12-13-2017 10:51 AM
I'm using Proc Univariate to calculate 90th percentiles for the response time (hh:mm:ss). I'm getting the 90th percentiles in minutes only, I want it in seconds as well in mm:ss format. How can I get the percentiles in mm:ss format. Also can anyone explain me the math behind calculating 90th percentile using proc univariate.
My code is
proc univariate data=new;
output out=test pctlpre=P_ pctlpts=50,90 pctlname=P50 P90 Mean=MEAN std=STDDEV ;
12-13-2017 11:00 AM
What unit is your original data in, eg minutes, seconds, etc?
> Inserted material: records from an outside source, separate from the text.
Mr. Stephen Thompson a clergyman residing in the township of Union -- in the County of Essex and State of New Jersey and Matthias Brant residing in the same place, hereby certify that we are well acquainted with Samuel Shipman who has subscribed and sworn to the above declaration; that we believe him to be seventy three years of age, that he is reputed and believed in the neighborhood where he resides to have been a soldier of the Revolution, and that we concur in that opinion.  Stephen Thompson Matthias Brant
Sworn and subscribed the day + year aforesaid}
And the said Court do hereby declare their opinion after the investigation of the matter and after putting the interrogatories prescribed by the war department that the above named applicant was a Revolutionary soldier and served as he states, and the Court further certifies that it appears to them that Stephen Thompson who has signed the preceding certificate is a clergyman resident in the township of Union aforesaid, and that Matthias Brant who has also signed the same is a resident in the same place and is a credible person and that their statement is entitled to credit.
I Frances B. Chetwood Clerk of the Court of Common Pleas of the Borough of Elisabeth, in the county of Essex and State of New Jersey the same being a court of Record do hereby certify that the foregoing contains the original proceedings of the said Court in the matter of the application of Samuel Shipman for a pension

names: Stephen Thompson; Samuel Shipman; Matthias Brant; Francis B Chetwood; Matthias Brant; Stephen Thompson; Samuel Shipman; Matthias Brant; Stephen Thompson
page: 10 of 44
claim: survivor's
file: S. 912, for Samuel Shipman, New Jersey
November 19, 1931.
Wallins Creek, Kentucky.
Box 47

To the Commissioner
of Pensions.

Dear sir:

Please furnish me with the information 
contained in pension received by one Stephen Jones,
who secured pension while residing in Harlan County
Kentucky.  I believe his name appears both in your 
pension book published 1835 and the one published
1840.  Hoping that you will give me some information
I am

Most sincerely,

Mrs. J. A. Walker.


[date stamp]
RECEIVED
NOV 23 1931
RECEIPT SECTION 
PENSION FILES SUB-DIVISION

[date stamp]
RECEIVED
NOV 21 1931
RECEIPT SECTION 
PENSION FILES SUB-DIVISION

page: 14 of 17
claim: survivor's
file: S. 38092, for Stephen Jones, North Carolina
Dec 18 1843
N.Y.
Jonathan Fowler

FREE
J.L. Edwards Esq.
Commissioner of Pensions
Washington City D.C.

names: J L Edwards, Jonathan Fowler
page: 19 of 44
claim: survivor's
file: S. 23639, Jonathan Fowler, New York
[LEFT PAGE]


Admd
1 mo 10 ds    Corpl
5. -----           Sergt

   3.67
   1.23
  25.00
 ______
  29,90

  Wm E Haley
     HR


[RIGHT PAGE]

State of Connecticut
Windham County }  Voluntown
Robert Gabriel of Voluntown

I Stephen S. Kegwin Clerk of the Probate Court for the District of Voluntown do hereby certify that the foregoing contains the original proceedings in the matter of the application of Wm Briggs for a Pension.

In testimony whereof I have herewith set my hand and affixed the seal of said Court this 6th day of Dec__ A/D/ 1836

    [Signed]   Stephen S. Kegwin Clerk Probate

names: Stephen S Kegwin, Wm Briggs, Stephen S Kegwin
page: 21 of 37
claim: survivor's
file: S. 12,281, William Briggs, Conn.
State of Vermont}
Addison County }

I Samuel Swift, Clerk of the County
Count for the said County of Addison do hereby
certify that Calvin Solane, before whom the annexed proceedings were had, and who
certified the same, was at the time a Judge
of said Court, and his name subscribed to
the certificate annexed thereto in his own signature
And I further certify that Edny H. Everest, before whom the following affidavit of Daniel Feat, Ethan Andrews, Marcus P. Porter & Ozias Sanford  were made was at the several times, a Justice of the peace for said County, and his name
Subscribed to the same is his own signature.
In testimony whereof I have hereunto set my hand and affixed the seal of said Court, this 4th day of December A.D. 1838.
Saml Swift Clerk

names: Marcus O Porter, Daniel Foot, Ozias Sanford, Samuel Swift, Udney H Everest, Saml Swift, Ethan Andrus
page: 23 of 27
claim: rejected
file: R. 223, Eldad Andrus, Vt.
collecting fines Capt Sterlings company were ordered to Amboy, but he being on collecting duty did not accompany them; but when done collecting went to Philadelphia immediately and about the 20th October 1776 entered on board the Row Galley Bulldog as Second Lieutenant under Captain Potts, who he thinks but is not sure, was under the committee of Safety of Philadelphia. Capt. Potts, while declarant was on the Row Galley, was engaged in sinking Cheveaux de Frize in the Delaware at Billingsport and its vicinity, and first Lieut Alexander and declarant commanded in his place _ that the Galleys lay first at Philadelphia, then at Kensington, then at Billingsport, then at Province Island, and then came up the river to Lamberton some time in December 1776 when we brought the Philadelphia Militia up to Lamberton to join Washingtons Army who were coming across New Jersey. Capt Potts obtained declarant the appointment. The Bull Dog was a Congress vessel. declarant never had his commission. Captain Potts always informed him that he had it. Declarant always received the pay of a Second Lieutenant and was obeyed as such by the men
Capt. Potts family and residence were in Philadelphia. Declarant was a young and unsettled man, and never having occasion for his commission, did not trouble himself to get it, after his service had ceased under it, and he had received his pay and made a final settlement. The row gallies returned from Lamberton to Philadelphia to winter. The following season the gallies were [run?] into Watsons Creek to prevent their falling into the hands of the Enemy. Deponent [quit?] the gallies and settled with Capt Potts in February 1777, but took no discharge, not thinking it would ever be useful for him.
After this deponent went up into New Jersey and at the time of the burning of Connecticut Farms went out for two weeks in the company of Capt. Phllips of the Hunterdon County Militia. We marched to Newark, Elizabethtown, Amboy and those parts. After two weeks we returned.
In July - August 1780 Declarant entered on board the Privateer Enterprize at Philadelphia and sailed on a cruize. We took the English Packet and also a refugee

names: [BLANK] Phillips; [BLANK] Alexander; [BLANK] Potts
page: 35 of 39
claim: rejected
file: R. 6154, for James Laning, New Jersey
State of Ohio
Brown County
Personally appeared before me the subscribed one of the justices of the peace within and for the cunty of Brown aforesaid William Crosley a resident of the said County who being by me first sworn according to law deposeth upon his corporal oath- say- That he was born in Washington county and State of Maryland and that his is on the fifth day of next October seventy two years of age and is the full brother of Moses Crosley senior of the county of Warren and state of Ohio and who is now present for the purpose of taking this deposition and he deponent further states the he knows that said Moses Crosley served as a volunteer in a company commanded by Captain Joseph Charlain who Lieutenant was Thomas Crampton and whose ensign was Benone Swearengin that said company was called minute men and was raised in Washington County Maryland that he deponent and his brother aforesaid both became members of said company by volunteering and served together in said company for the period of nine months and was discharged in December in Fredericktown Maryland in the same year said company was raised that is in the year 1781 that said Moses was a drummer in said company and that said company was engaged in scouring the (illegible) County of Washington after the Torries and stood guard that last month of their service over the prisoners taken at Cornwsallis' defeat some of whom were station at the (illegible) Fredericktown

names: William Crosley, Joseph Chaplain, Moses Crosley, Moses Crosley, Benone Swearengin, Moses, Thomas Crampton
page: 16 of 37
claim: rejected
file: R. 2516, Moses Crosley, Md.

Usually you need to apply a format in a next step to control the display of the output. If you want multiple representations you’ll need multiple variables.
Regarding 90th percentile see the docs :
12-13-2017 11:38 AM
My data is in hh:mm:ss and I have two time variables with hh:mm:ss format. I take the difference of the two and calculate the 90th percentile. E.g
Time1 Time2 Diff
01:30:20 01:30:10 00:00:10
12:25:00 12:20:00 00:05:00
03:30:10 03:25:05 00:05:05
And I take the diff variable to calculate the 90th percentile and I want the 90th percentile in 00:05:05 format.
12-13-2017 11:41 AM
Also can anyone explain me the math behind calculating 90th percentile using proc univariate.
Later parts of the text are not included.